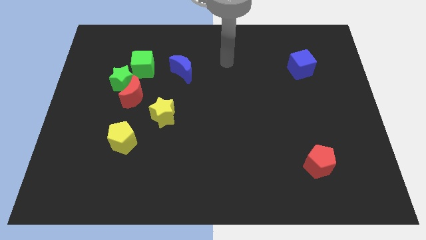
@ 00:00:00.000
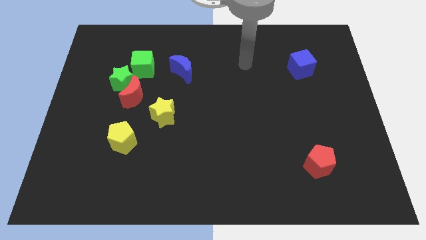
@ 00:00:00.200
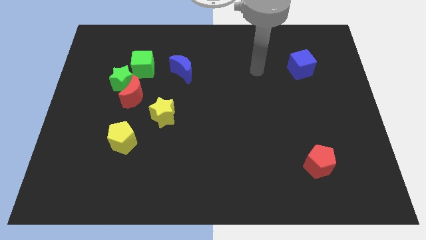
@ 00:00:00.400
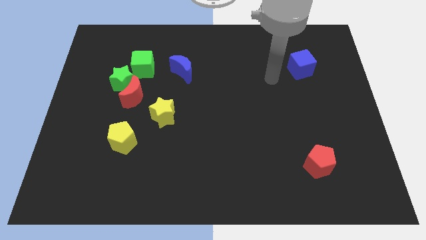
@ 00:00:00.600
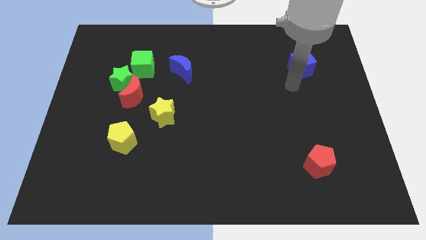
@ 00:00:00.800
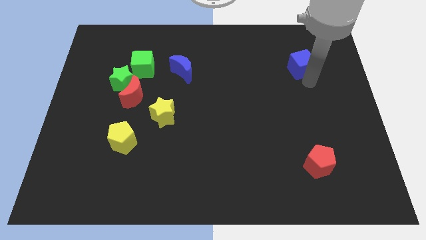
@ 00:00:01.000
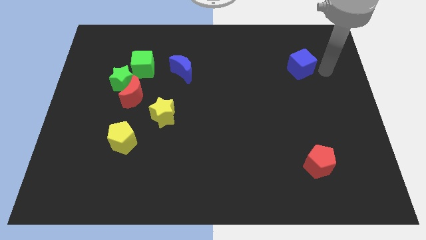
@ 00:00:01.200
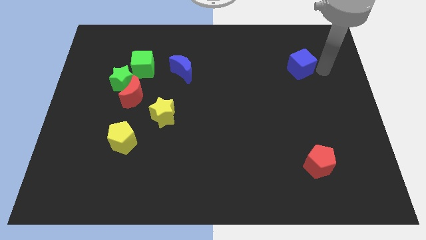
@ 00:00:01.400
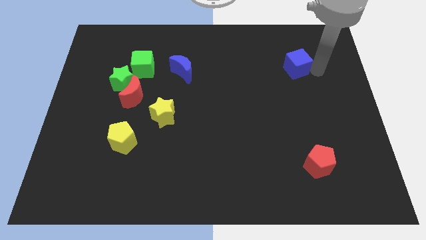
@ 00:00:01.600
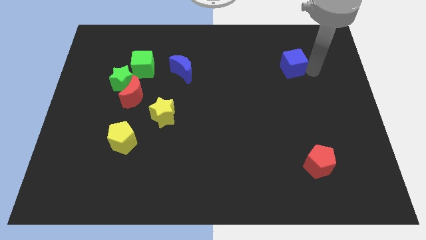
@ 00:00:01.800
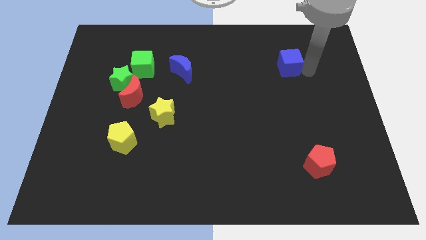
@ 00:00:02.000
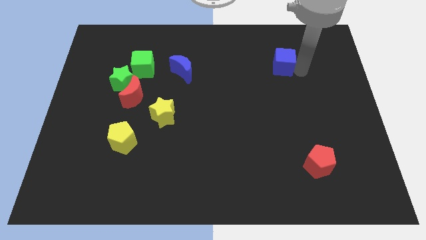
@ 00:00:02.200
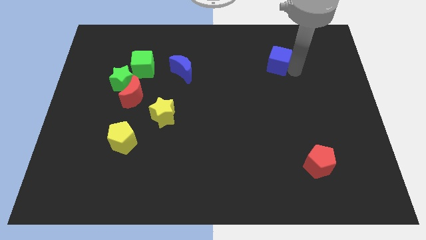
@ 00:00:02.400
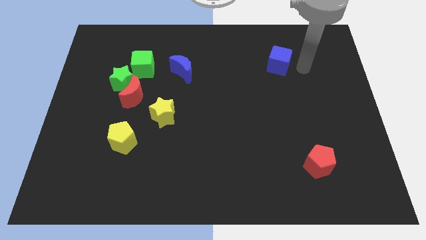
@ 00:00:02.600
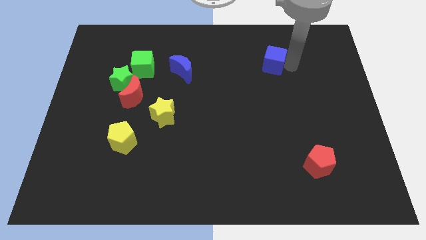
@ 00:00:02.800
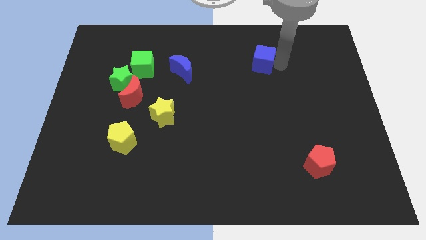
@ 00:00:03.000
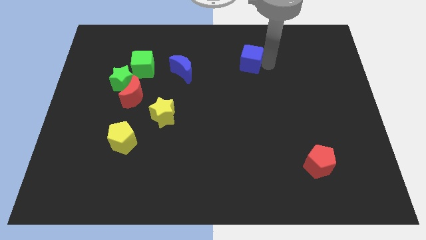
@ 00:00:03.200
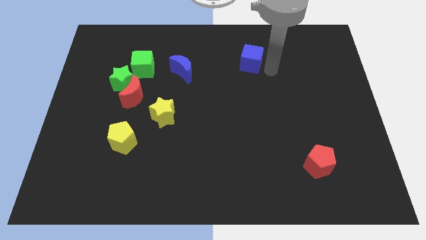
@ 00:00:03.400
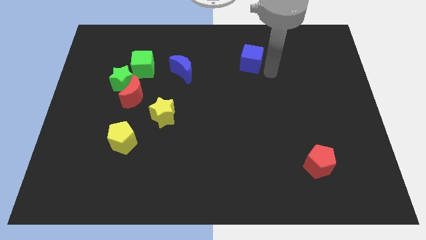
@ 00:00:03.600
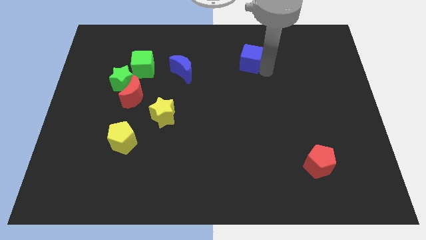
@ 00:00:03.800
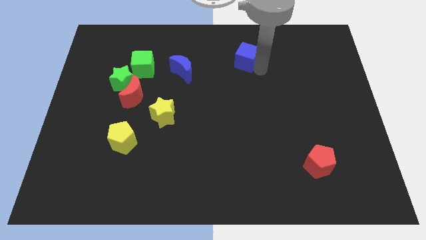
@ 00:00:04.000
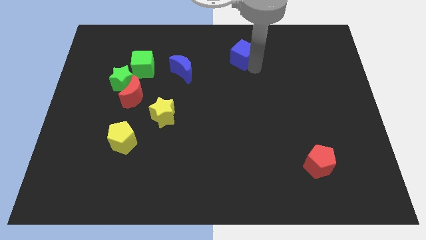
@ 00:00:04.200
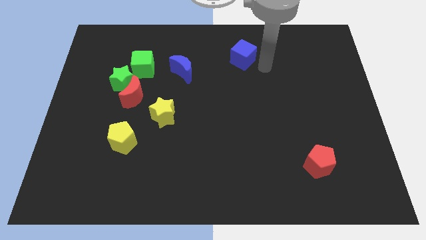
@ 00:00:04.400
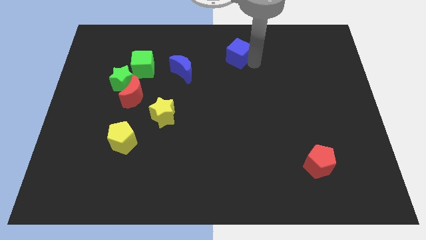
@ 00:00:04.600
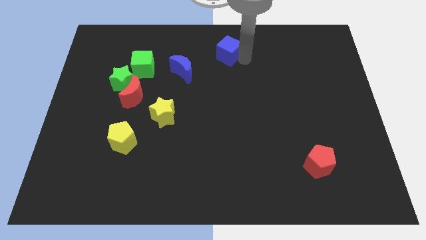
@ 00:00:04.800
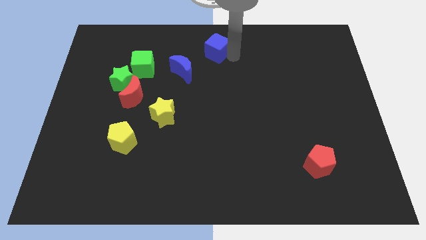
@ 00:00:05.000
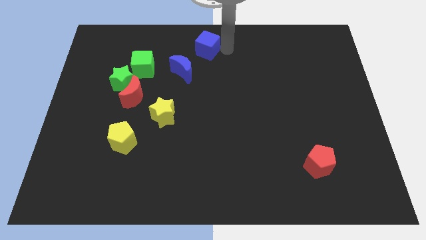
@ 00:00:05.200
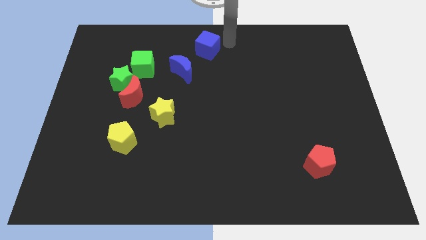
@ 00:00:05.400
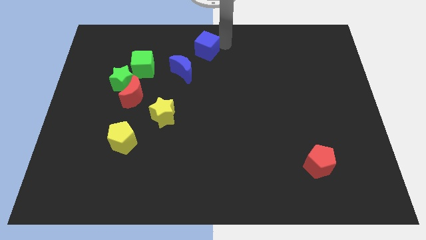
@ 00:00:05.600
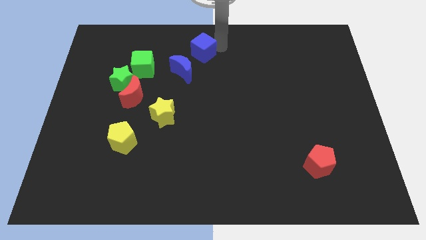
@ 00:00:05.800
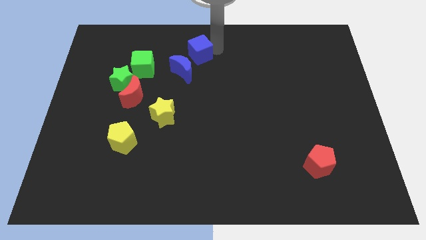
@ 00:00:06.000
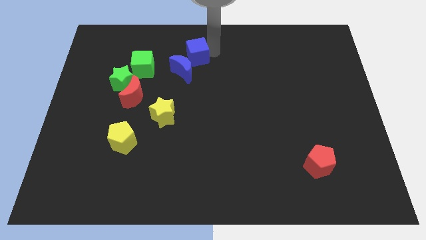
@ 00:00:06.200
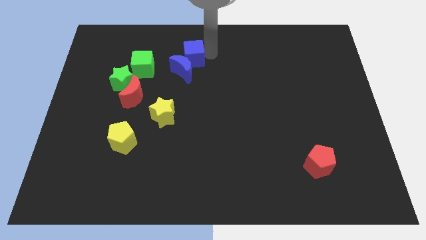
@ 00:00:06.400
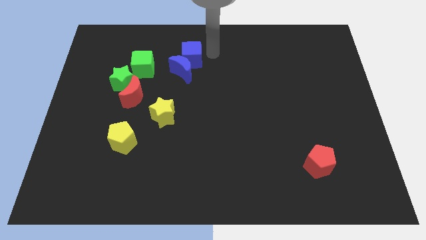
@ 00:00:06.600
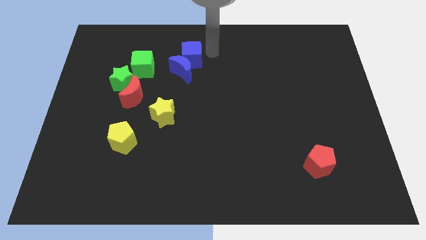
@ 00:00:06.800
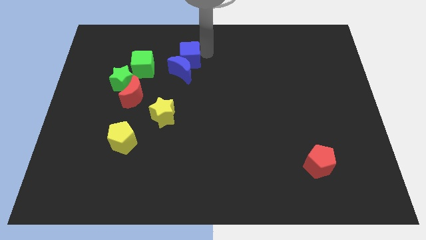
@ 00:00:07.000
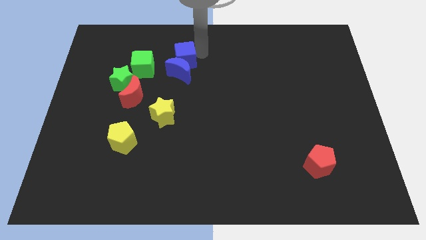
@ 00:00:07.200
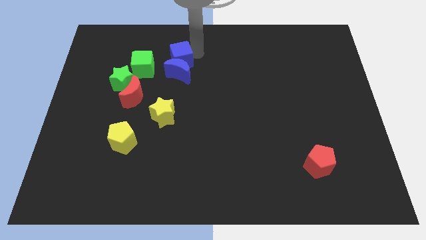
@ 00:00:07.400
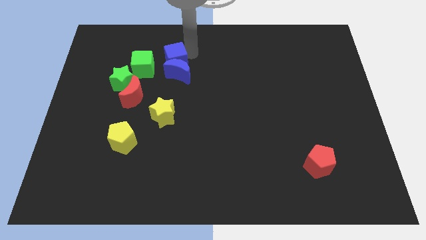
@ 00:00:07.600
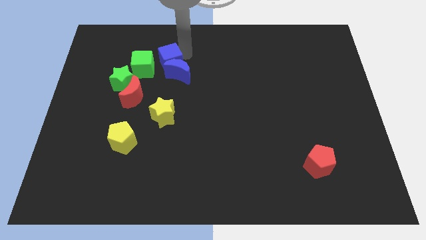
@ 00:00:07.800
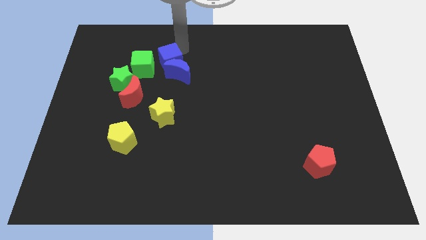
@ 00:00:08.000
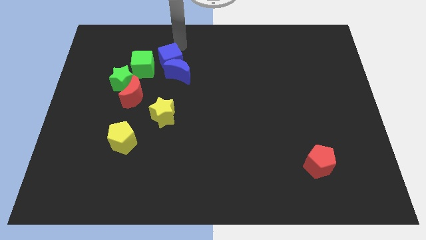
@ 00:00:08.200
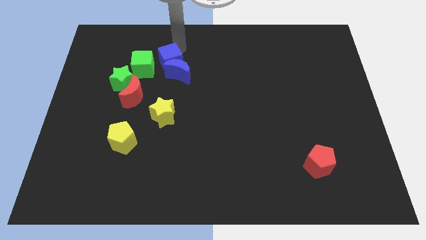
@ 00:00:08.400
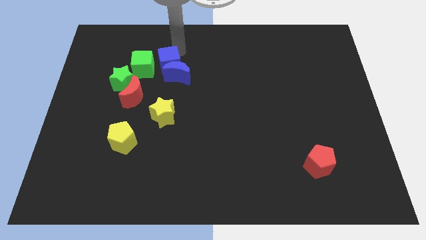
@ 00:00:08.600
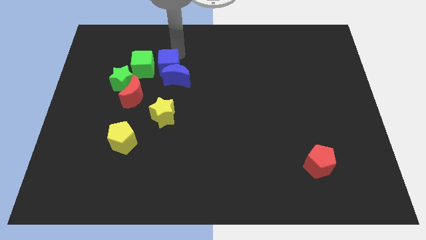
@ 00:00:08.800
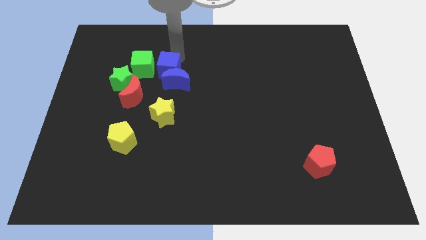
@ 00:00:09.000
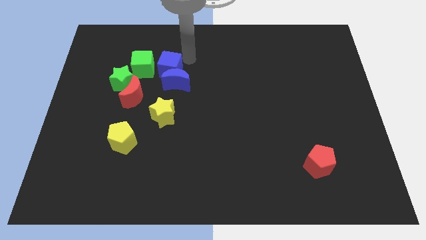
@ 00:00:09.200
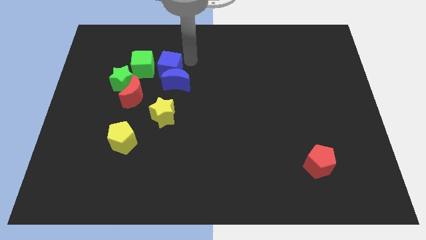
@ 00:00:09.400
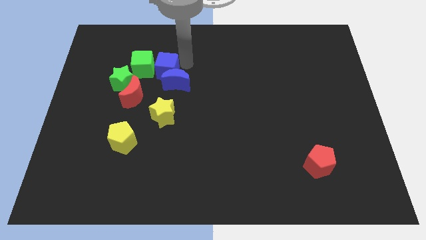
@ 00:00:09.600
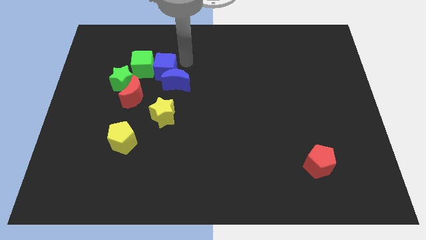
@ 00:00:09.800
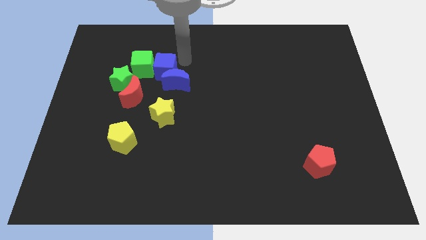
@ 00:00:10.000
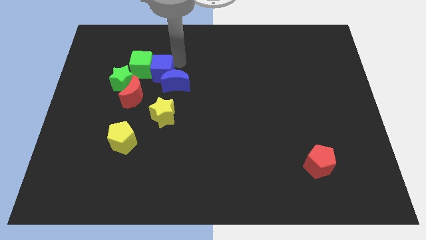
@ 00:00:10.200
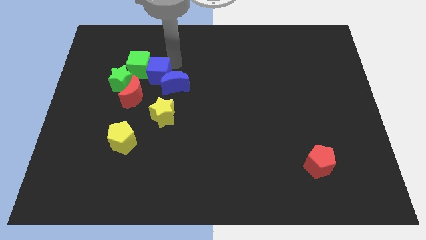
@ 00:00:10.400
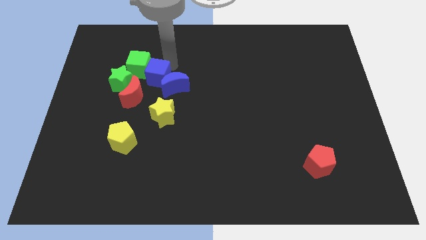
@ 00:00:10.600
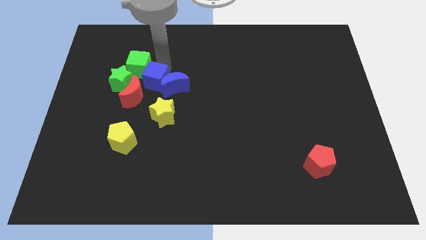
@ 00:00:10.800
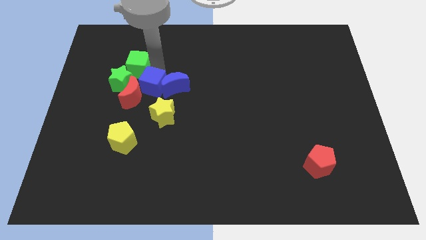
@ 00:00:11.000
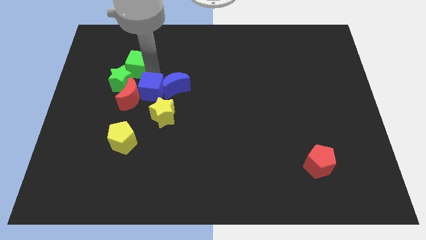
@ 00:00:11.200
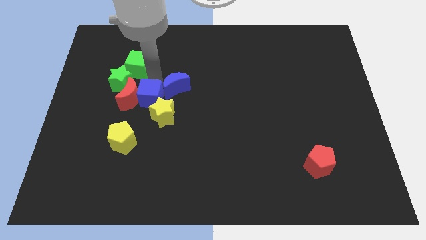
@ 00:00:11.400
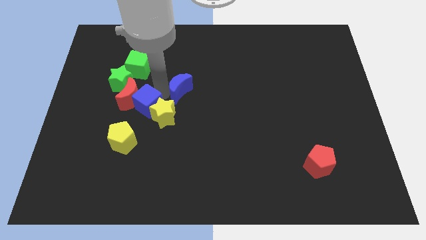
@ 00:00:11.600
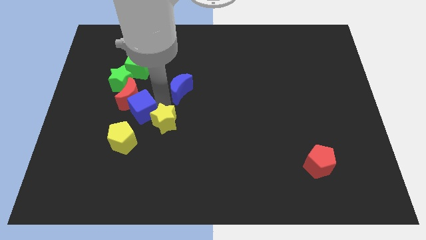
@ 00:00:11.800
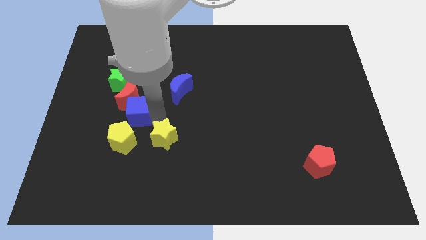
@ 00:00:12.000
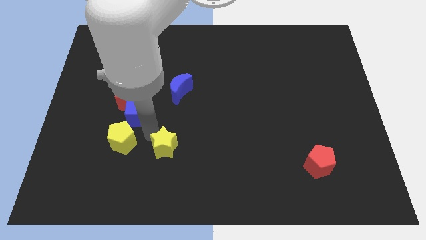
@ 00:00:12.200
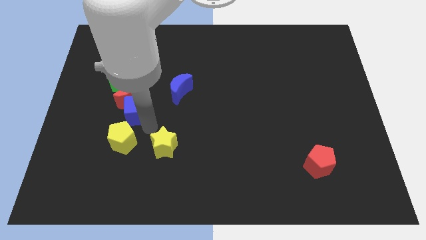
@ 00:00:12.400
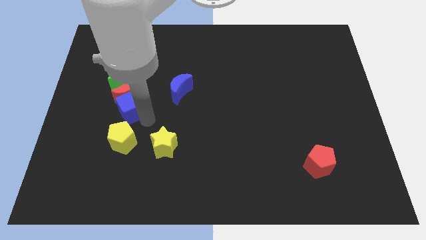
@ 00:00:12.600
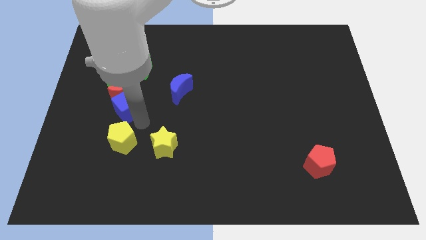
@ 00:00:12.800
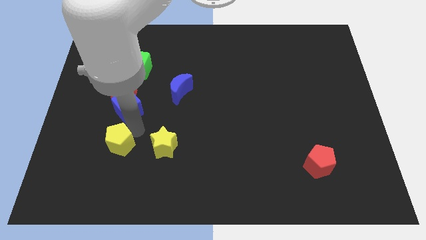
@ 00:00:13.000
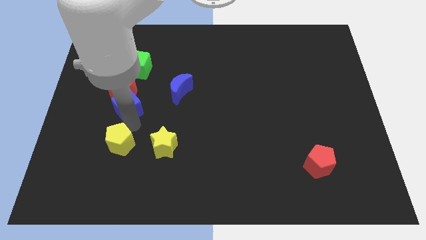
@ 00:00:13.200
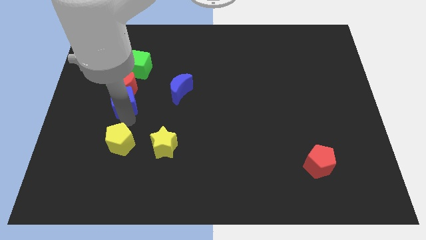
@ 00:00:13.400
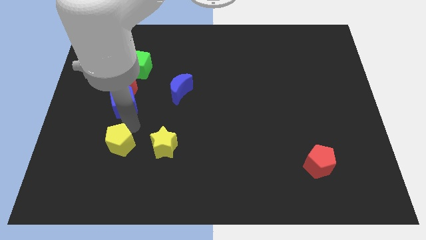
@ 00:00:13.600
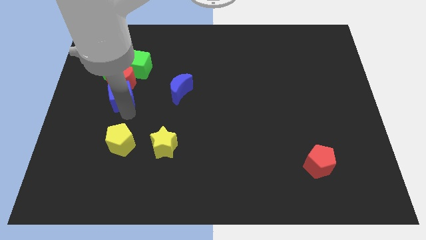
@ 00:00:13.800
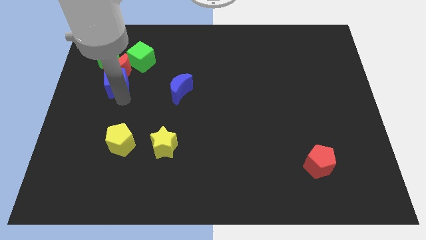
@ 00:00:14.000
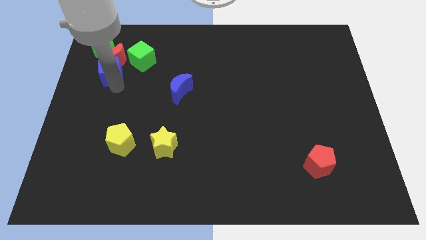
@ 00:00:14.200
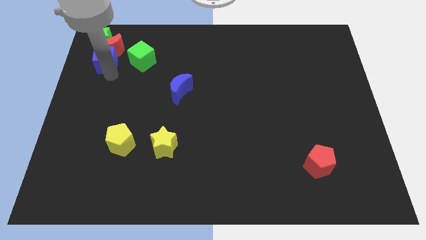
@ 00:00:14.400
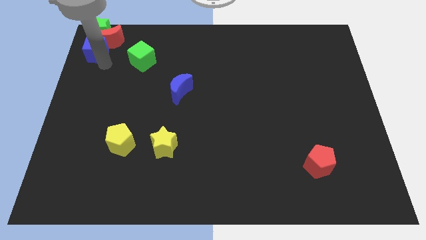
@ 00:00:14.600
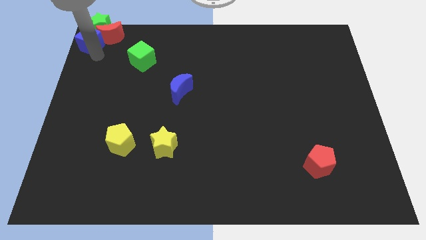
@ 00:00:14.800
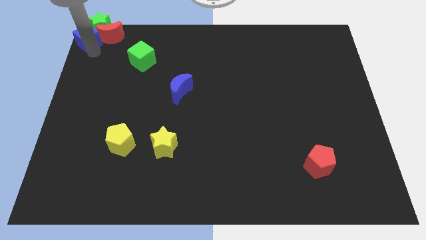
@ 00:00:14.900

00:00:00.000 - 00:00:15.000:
put the blue cube towards the green star

Problem to solve:
In your copy of the entries above, keep the text exact and leave out the pictures.

Result for this exercise:
@ 00:00:00.000
@ 00:00:00.200
@ 00:00:00.400
@ 00:00:00.600
@ 00:00:00.800
@ 00:00:01.000
@ 00:00:01.200
@ 00:00:01.400
@ 00:00:01.600
@ 00:00:01.800
@ 00:00:02.000
@ 00:00:02.200
@ 00:00:02.400
@ 00:00:02.600
@ 00:00:02.800
@ 00:00:03.000
@ 00:00:03.200
@ 00:00:03.400
@ 00:00:03.600
@ 00:00:03.800
@ 00:00:04.000
@ 00:00:04.200
@ 00:00:04.400
@ 00:00:04.600
@ 00:00:04.800
@ 00:00:05.000
@ 00:00:05.200
@ 00:00:05.400
@ 00:00:05.600
@ 00:00:05.800
@ 00:00:06.000
@ 00:00:06.200
@ 00:00:06.400
@ 00:00:06.600
@ 00:00:06.800
@ 00:00:07.000
@ 00:00:07.200
@ 00:00:07.400
@ 00:00:07.600
@ 00:00:07.800
@ 00:00:08.000
@ 00:00:08.200
@ 00:00:08.400
@ 00:00:08.600
@ 00:00:08.800
@ 00:00:09.000
@ 00:00:09.200
@ 00:00:09.400
@ 00:00:09.600
@ 00:00:09.800
@ 00:00:10.000
@ 00:00:10.200
@ 00:00:10.400
@ 00:00:10.600
@ 00:00:10.800
@ 00:00:11.000
@ 00:00:11.200
@ 00:00:11.400
@ 00:00:11.600
@ 00:00:11.800
@ 00:00:12.000
@ 00:00:12.200
@ 00:00:12.400
@ 00:00:12.600
@ 00:00:12.800
@ 00:00:13.000
@ 00:00:13.200
@ 00:00:13.400
@ 00:00:13.600
@ 00:00:13.800
@ 00:00:14.000
@ 00:00:14.200
@ 00:00:14.400
@ 00:00:14.600
@ 00:00:14.800
@ 00:00:14.900

00:00:00.000 - 00:00:15.000:
put the blue cube towards the green star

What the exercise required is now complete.